#### Exercise aim
From the first line to the last, output the data exactly as it stands, minus its pictures.

Entries shown below:

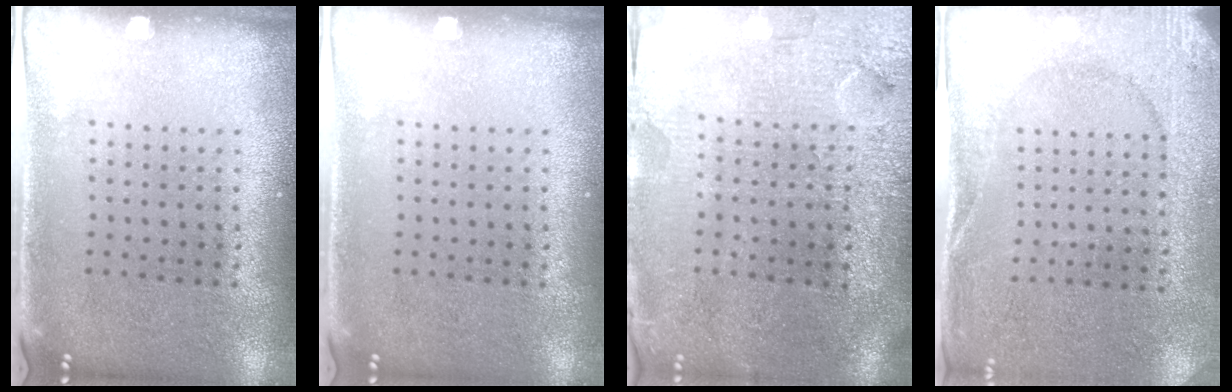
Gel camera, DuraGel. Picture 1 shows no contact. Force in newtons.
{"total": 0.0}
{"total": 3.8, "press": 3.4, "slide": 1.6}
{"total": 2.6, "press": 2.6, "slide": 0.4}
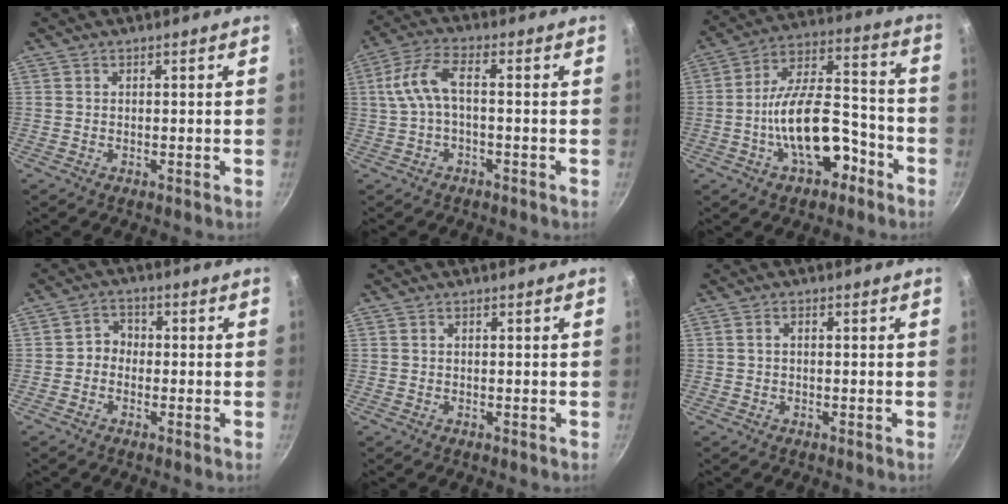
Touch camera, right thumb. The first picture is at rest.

End of Entries shown.

#### Answer space
Gel camera, DuraGel. Picture 1 shows no contact. Force in newtons.
{"total": 0.0}
{"total": 3.8, "press": 3.4, "slide": 1.6}
{"total": 2.6, "press": 2.6, "slide": 0.4}
Touch camera, right thumb. The first picture is at rest.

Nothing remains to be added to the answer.